Seven Key Themes From the 2024 RMA Community Bank Survey


We are excited to bring you the results of our Community Bank Survey.
We invite you to also watch the on-demand webcast, which features members of RMA’s Community Bank Council. 


The Covid-19 pandemic and its economic fallout dramatically changed the operating landscape for community banks. Today’s higher interest rates—a product of post-lockdown inflation—are pressuring profitability, and forcing banks to more closely manage their liquidity, deposit rates, and margins.

What’s more, the leap in digital capability that enabled service continuity and a smooth transition to remote work left banks with more technology risk—and a greater share of digital-first customers with the ability to move deposits at the first sign of bank stress.

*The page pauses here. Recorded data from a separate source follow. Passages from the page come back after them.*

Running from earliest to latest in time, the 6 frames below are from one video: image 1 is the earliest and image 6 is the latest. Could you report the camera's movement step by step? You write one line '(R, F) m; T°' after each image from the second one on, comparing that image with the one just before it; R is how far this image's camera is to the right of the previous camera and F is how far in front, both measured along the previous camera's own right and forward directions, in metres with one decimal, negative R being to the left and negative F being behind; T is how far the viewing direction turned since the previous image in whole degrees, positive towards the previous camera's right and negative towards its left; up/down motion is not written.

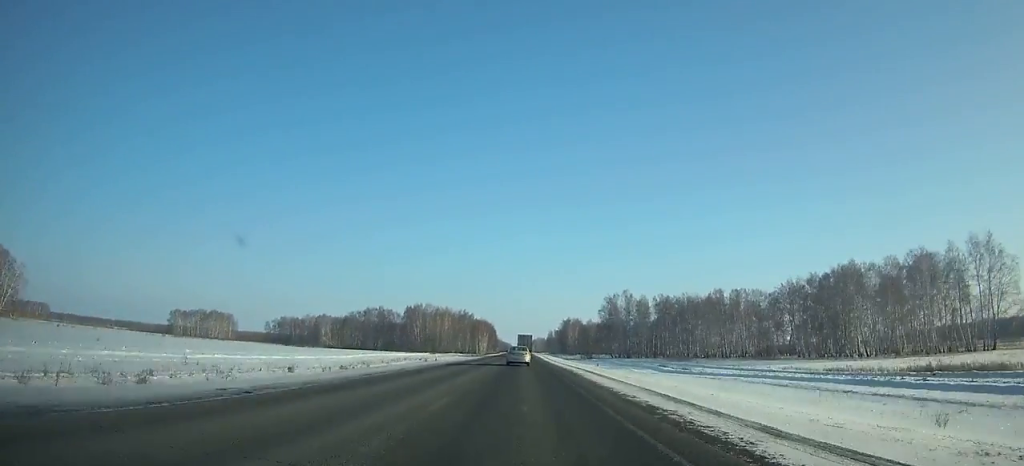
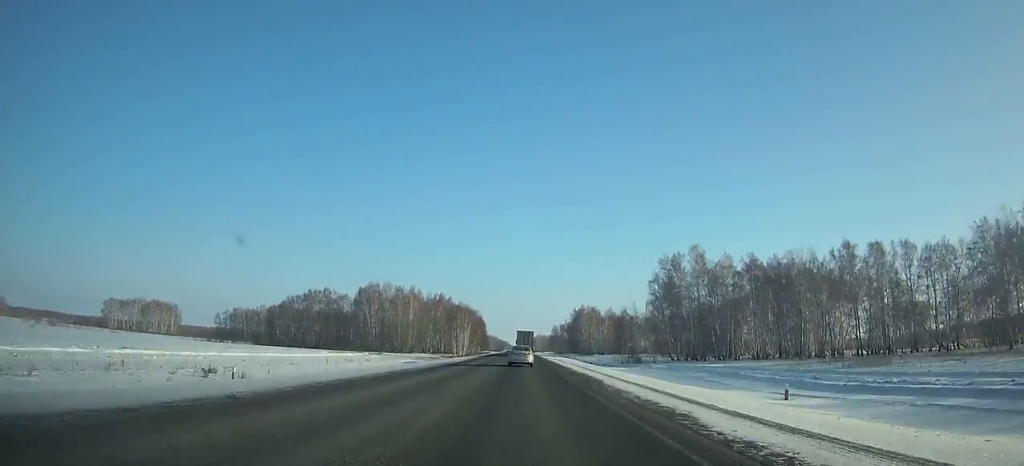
(+0.1, +84.8) m; 0°
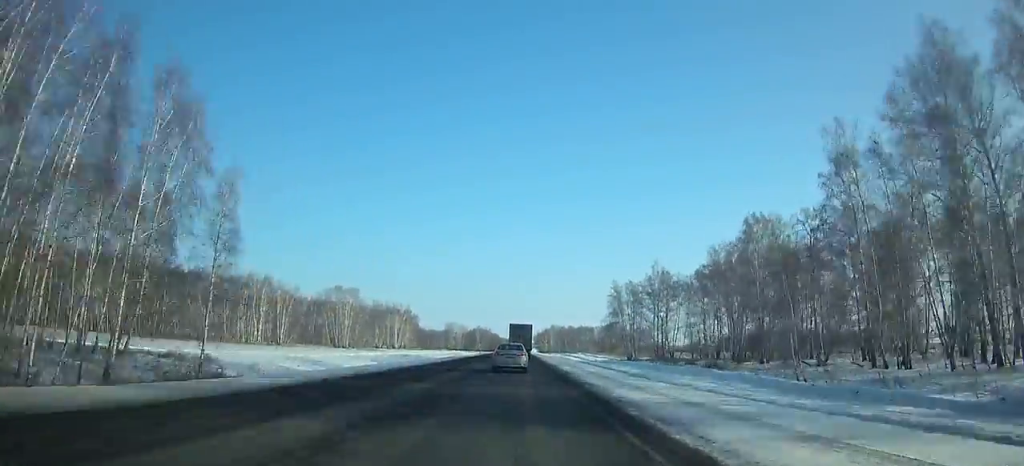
(-1.1, +241.1) m; -1°
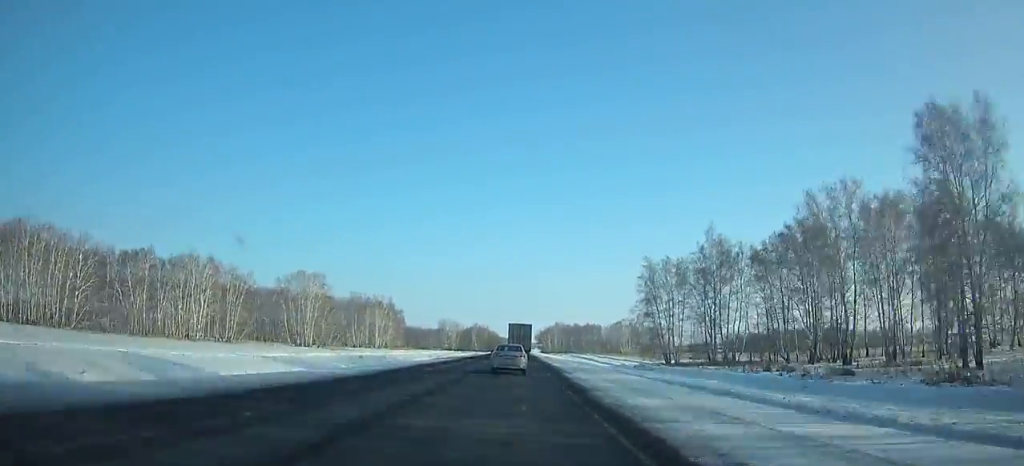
(0.0, +38.1) m; 0°
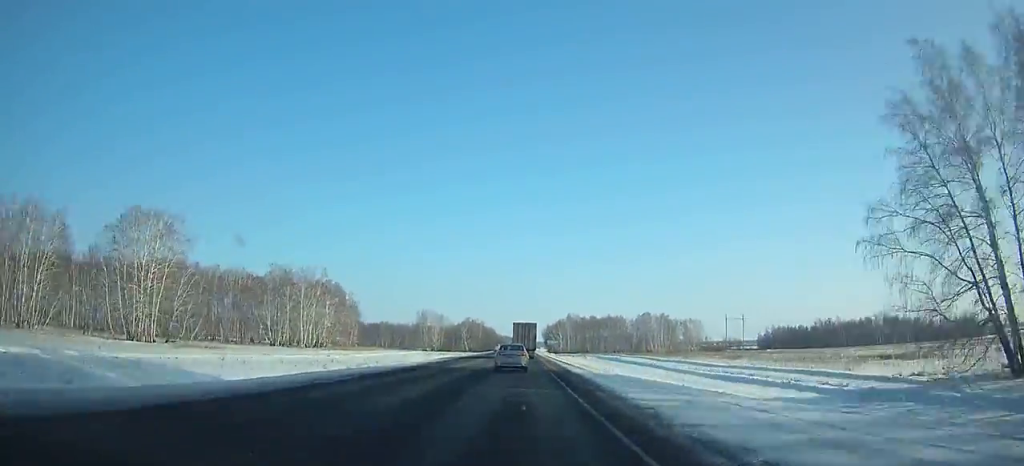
(0.0, +82.3) m; 0°
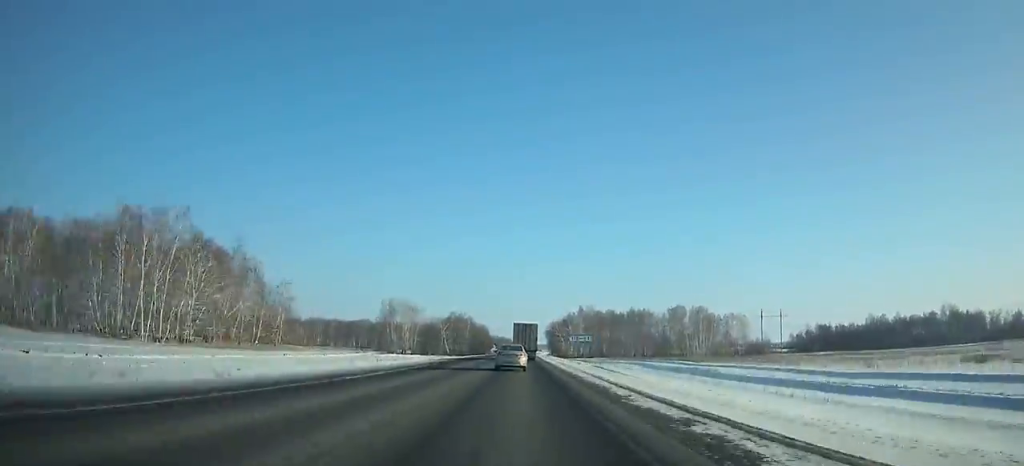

In RMA’s latest Community Bank Survey, we explored the top concerns of community banks and their responses to them in this post-pandemic era. About a third of the 210 survey respondents were CEOs or reported to CEOs, 23% were senior managers, and 22% were middle managers. More than half work in risk management. The majority (66%) represented banks with assets of $1 billion to $10 billion.

Among respondents’ biggest concerns are interest rates, along with risks created by their spill-over. Banks expect net interest margins to suffer for as long as this rate environment persists. They’re exploring ways to compensate by boosting revenue and cutting costs. They’re also focused on liquidity alternatives; depositors demonstrated in their flight to big banks last year that they’ve become a more volatile source of funding. Meanwhile, community banks are coping with the effects of pandemic work-from-home policies, both in their ability to attract talent and in how vacancies in the office space market are heightening credit risk.

The regional banking crisis last year highlighted the costs of underestimating these new market dynamics and reminded banks that maintaining strong customer relationships remains essential. Community banks are keenly aware of the potential pitfalls they’re facing in the year ahead. Here are the key themes that emerged from the survey, revealing the focus of community banks’ risk management efforts:


Theme 1: Interest Rates Are the X Factor of 2024

The high-for-longer interest rates prompted by pandemic-related inflation continue to dominate concerns and activity at community banks.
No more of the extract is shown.